**TASK GOAL:**
Pull out every line below that contains the word "path".

**DATA SHOWN:**
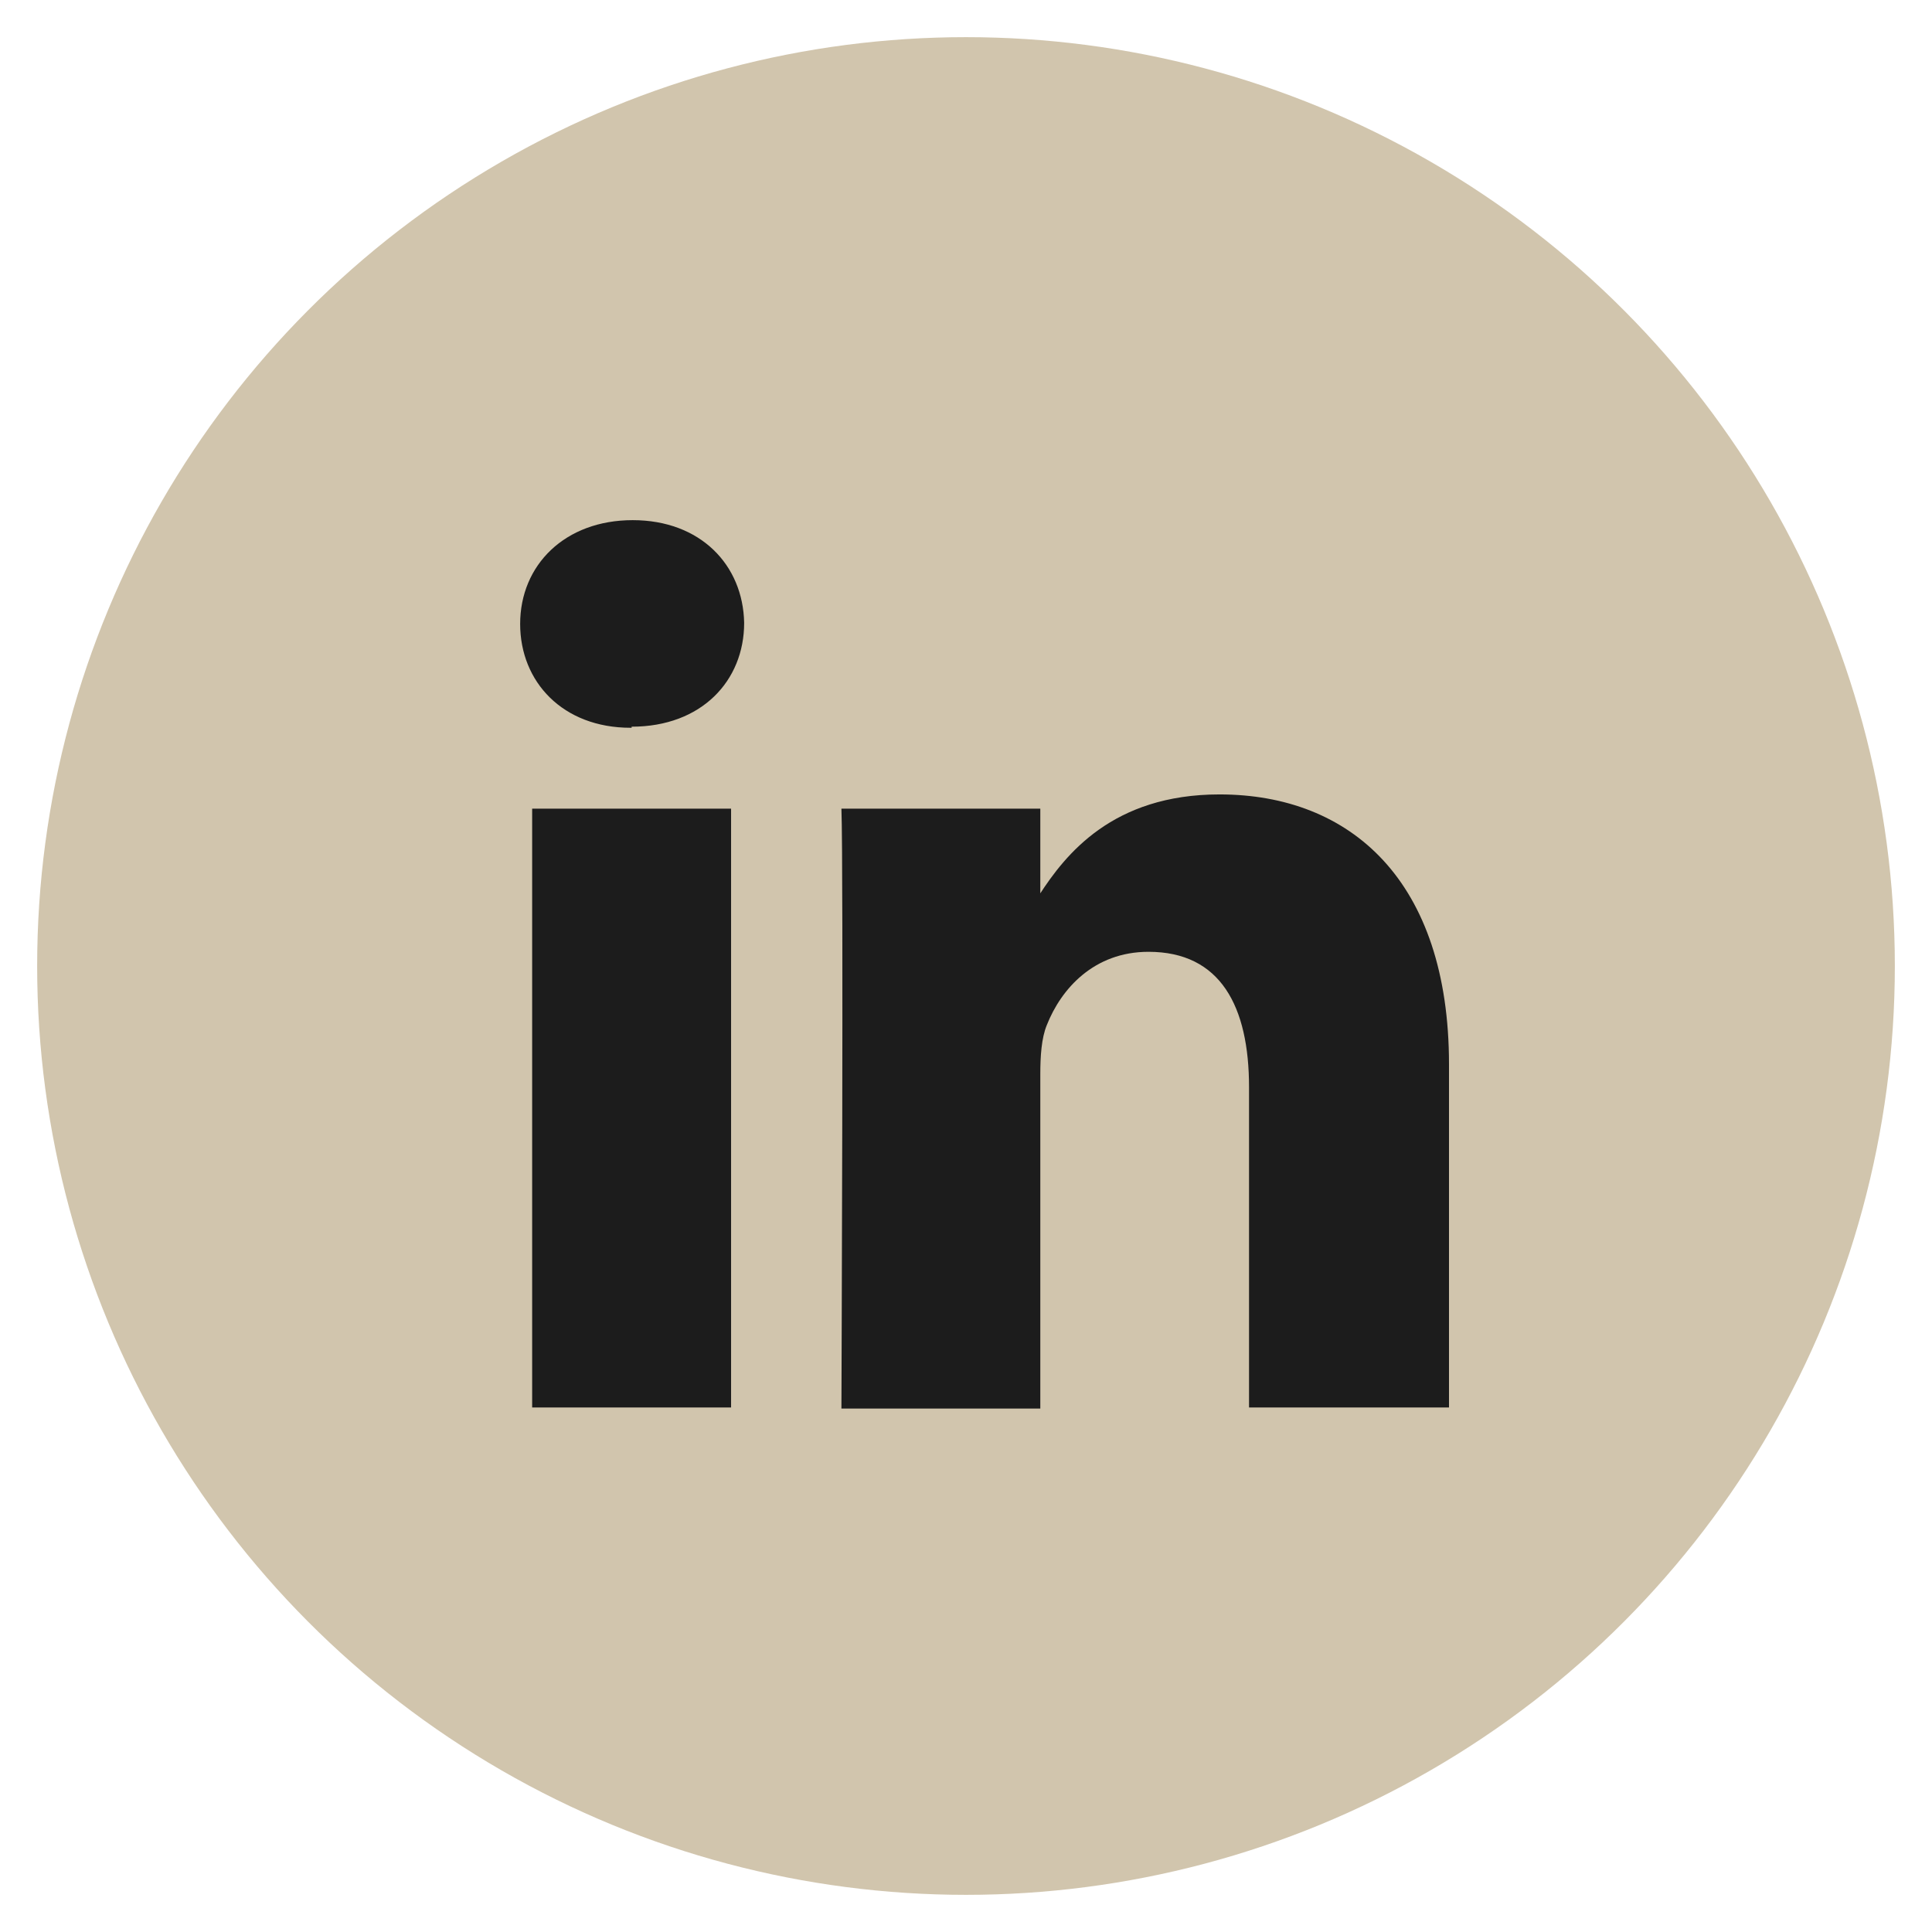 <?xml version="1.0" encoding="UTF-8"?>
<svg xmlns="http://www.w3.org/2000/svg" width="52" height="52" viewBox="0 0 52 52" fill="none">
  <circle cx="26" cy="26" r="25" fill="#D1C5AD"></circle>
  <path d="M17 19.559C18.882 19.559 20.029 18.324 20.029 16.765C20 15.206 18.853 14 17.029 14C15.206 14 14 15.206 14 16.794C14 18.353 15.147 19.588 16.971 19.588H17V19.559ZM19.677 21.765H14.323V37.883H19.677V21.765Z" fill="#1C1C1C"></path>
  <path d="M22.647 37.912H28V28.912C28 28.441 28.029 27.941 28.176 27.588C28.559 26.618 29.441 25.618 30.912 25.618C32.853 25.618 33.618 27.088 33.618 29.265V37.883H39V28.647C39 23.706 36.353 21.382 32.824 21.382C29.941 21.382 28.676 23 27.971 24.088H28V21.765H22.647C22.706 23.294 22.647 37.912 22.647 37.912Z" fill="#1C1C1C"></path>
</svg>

**ANSWER TO THIS TASK:**
  <path d="M17 19.559C18.882 19.559 20.029 18.324 20.029 16.765C20 15.206 18.853 14 17.029 14C15.206 14 14 15.206 14 16.794C14 18.353 15.147 19.588 16.971 19.588H17V19.559ZM19.677 21.765H14.323V37.883H19.677V21.765Z" fill="#1C1C1C"></path>
  <path d="M22.647 37.912H28V28.912C28 28.441 28.029 27.941 28.176 27.588C28.559 26.618 29.441 25.618 30.912 25.618C32.853 25.618 33.618 27.088 33.618 29.265V37.883H39V28.647C39 23.706 36.353 21.382 32.824 21.382C29.941 21.382 28.676 23 27.971 24.088H28V21.765H22.647C22.706 23.294 22.647 37.912 22.647 37.912Z" fill="#1C1C1C"></path>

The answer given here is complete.